The new year is a good time to reassess your financial health and take stock in some simple keys to success for your future.
The IAFF Financial Corporation (IAFF-FC) has developed a Financial Fitness toolkit with resources and tips for managing your finances now and throughout your career.
Start with these simple tips:
Spend less than you make. It is basic math. Write down what you make and exactly what you spend. If you’re spending less than you make and that extra goes into a savings, retirement or other investment account, that’s great. Share this very basic financial principle with the rest of your fire fighter family – it could make all the difference to someone just starting their career.
(Pro tip: Visit Protecting Your Finances in a Pandemic on the IAFF-FC website)
If you are spending what you make – or more than what you make – read on.
To spend less than you make, you have two choices: make more or spend less.
Spending less takes some discipline.
Your priority for financial health should be to make yourself the most important bill by paying yourself first. Set up an automatic deduction from your paycheck into a savings account. This is the best way to build an emergency fund. Then, start funding your employer-provided Roth 457 or regular 457 account (Canadian members can direct those dollars to an RRSP or TFSA) and keep building your wealth by making your money work for you.
Steps for Building Your Wealth
- Eliminate recurring charges. Review your credit card/bank account for any forgotten recurring charges, subscriptions you no longer need or streaming services you don’t use. Eliminate these to free up that money for better uses, including paying yourself.
- Find places to save. This is where discipline is needed. With the COVID-19 pandemic, many of us are spending less – including less on bars and restaurants. How will this change when we return to some sense of normalcy? It’s important to enjoy life, but what areas can be trimmed in your normal spending? Cable services? Do you need 6,000 channels? Maybe reduce the service to more of what you do want and need. Do you have or need 12 different streaming services? Maybe two or three is all you need. Starbucks every day can also add up. Cut back to one visit a week and stash the savings.
- Look around your house. Items stacked in your garage or in closets and drawers that you don’t use can be turned into cash to help build your emergency fund. Facebook Marketplace, Craigslist, Nextdoor or Ebay are all good places to sell unwanted items.
- Resist the urge to buy the latest gadget. Wait until the price drops and make do with the older model.
- Skip the new car. Let someone else take the 20-30% drop in value when they drive it off the new car lot. Buy a quality late (new to you) model and be 20-30% more financially fit.
- Refinance your mortgage. Interest rates are the lowest they’ve been in more than 50 years. If you haven’t refinanced in recent years, see if you can reduce your interest rate and save significantly over the life of your loan. Keep in mind that there are unavoidable costs associated with a refinance. A reduction of 1% or more in your interest rate could mean a significant monthly savings. Evaluate if a refinance makes sense for you using this refinance calculator.
- Debt Eliminate your existing debt – all of it if you can. Credit card interest rates mean you pay much more for something over time than you would if you saved and bought the item with cash.

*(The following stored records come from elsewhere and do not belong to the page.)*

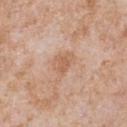Q: Was this lesion biopsied?
A: total-body-photography surveillance lesion; no biopsy
Q: Lesion location?
A: the front of the torso
Q: What is the imaging modality?
A: 15 mm crop, total-body photography
Q: What did automated image analysis measure?
A: a lesion color around L≈60 a*≈20 b*≈32 in CIELAB, roughly 8 lightness units darker than nearby skin, and a normalized border contrast of about 6; a border-irregularity rating of about 2/10, a within-lesion color-variation index near 1.5/10, and peripheral color asymmetry of about 0.5; a classifier nevus-likeness of about 0/100 and a detector confidence of about 100 out of 100 that the crop contains a lesion
Q: What are the patient's age and sex?
A: male, aged around 65
Q: What is the lesion's diameter?
A: about 3 mm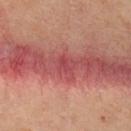Notes:
* workup · no biopsy performed (imaged during a skin exam)
* anatomic site · the back
* illumination · cross-polarized illumination
* imaging modality · total-body-photography crop, ~15 mm field of view
* subject · female, aged 43–47
* lesion diameter · ≈2.5 mm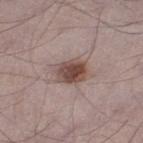The lesion was photographed on a routine skin check and not biopsied; there is no pathology result. A close-up tile cropped from a whole-body skin photograph, about 15 mm across. A male patient aged approximately 70. Imaged with white-light lighting. Measured at roughly 3.5 mm in maximum diameter. Automated image analysis of the tile measured a symmetry-axis asymmetry near 0.2. And it measured border irregularity of about 2 on a 0–10 scale, internal color variation of about 5 on a 0–10 scale, and radial color variation of about 1.5. The lesion is located on the left thigh.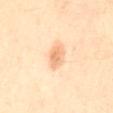This lesion was catalogued during total-body skin photography and was not selected for biopsy.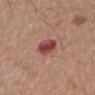anatomic site — the mid back | subject — male, aged around 75 | illumination — white-light | diameter — ≈3 mm | automated metrics — a lesion area of about 6 mm²; a border-irregularity rating of about 2/10, a within-lesion color-variation index near 4.5/10, and a peripheral color-asymmetry measure near 1.5 | acquisition — ~15 mm crop, total-body skin-cancer survey.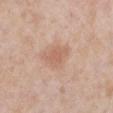Q: Is there a histopathology result?
A: total-body-photography surveillance lesion; no biopsy
Q: What is the lesion's diameter?
A: ~3.5 mm (longest diameter)
Q: What is the imaging modality?
A: 15 mm crop, total-body photography
Q: What did automated image analysis measure?
A: an average lesion color of about L≈62 a*≈21 b*≈30 (CIELAB), a lesion–skin lightness drop of about 8, and a normalized border contrast of about 5.5; a within-lesion color-variation index near 2/10; a nevus-likeness score of about 10/100
Q: Illumination type?
A: white-light illumination
Q: What is the anatomic site?
A: the right lower leg
Q: What are the patient's age and sex?
A: female, in their 60s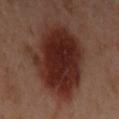A female patient roughly 40 years of age. Imaged with cross-polarized lighting. About 8.5 mm across. A region of skin cropped from a whole-body photographic capture, roughly 15 mm wide. The lesion is located on the left upper arm.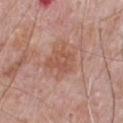biopsy_status: not biopsied; imaged during a skin examination
lesion_size:
  long_diameter_mm_approx: 3.5
image:
  source: total-body photography crop
  field_of_view_mm: 15
patient:
  sex: male
  age_approx: 70
automated_metrics:
  border_irregularity_0_10: 3.5
  color_variation_0_10: 2.0
  peripheral_color_asymmetry: 0.5
  nevus_likeness_0_100: 0
  lesion_detection_confidence_0_100: 100
site: chest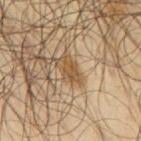Part of a total-body skin-imaging series; this lesion was reviewed on a skin check and was not flagged for biopsy. A male patient, aged around 65. Longest diameter approximately 3 mm. The lesion-visualizer software estimated a lesion color around L≈49 a*≈16 b*≈35 in CIELAB, about 10 CIELAB-L* units darker than the surrounding skin, and a normalized lesion–skin contrast near 8.5. A roughly 15 mm field-of-view crop from a total-body skin photograph. The lesion is located on the upper back. This is a cross-polarized tile.

Before you plan to eliminate credit card or other debt, see if you can move your balances to a lower interest rate card, then close the higher interest rate accounts. At the same time, stop using the card. Carry cash or use a debit card or account that is connected to your checking account. When the allocated money is gone, that is it. Discipline.
- Declare 2021 a debt free year. Stop adding to the pile and work to eliminate what you have. Pay the most you can on the debt with the highest interest and pay the minimum amounts on other balances. When the highest is paid off, start on the next highest. This strategy saves you come interest costs. You can also pay off your smallest debts first – this may help you feel like you are making progress. Then keep tackling the others until they are paid.
- Increase your insurance deductibles. If you can afford higher out-of-pocket costs in the event of a claim, you can usually reduce premiums on your home and auto insurance by selecting a higher deductible. Putting the difference in premium into an emergency savings will mean you will have it in case you need it.
Once you have reduced expenses, it’s time to go to work on making more.
- Step or other salary increases. Take all or part of any increases in income to pay yourself. If you don’t get used to having it to spend, you won’t miss it.
- Consider adjusting your tax withholding. Members in the United States who get a refund each year can consider reviewing and adjusting paycheck withholding to get more in their paycheck and a smaller refund at tax time. Use that additional amount throughout the year to pay yourself!
- Work overtime shifts if available. A word of caution: use this additional pay to reduce or eliminate debt or build your savings, investments and wealth. Don’t start depending on them to finance your lifestyle.
- Study for those promotions. A higher rank means higher pay and more money in your bank account.
The bottom line: financial fitness is as important as physical fitness. Make it work for you in 2021.